It has been reported in many outlets that the U.S. District Court for the Northern District of California has denied a motion to enjoin enforcement of California law mandating public utility regulation of broadband Internet services. Apparently, this will allow California's law – which goes beyond the FCC's now-repealed Title II restrictions – to go into effect. However, this is not likely the end of the litigation.
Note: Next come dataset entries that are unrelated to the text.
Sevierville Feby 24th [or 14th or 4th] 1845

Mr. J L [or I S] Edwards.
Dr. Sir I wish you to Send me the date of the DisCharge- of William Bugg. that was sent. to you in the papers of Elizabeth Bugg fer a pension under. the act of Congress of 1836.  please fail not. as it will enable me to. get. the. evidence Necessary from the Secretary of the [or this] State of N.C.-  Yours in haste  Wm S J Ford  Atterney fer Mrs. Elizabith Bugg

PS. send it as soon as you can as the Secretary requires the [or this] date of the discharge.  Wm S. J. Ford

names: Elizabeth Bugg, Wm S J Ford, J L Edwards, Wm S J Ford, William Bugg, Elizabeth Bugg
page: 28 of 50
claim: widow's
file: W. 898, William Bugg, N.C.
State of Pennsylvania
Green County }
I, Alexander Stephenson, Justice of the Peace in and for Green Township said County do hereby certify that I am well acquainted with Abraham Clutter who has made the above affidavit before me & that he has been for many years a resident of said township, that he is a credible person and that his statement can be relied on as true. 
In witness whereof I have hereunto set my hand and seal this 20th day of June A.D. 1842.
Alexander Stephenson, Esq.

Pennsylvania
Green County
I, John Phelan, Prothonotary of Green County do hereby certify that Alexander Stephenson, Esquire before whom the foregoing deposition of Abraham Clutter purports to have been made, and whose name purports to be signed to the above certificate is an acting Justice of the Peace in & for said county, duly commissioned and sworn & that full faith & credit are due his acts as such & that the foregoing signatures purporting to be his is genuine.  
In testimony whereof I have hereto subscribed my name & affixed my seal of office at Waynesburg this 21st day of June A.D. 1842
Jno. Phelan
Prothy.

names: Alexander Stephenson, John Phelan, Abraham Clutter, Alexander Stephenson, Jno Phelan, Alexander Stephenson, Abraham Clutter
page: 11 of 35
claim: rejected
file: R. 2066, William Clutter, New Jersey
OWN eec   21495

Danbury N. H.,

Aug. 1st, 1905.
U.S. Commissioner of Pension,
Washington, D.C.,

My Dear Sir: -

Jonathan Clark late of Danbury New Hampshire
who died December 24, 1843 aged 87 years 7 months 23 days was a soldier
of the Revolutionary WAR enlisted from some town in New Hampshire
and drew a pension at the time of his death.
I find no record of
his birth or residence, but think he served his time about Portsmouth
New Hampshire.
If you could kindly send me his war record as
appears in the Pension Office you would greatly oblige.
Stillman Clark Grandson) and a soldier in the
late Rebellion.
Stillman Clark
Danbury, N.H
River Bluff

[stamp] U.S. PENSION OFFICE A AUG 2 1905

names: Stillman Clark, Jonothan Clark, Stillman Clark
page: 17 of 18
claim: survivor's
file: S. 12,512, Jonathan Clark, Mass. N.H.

Professor Daniel Lyons, a Member of the Free State Foundation's Board of Academic Advisors, made the case for why CA SB-822 is most likely preempted in his Perspectives from FSF Scholars paper, "Day of Reckoning Approaches for California Net Neutrality Law."
Also, FSF President Randolph May and I appealed to a broader set of principles to make the case for why preemption of SB-822 is consistent with a constitutionalist outlook in our Federalist Society Review paper, "John Marshall's Jurisprudence Supports Preemption of California's Net Neutrality Law." And for more on these subjects, consult our book, A Reader on Net Neutrality and Restoring Internet Freedom.
Leaving aside for now any future changes in federal broadband policy by the FCC, FSF scholars repeatedly have made the point that state-level regulation of broadband Internet access services is a bad idea. Broadband networks are interstate services. State and local restrictions effectively seek to regulate services that transcend state borders and run risk of conflicting with each other. And public utility regulation of broadband Internet services is harmful and justifiable. Policy for broadband Internet services should be set at the federal level, not the state or local level.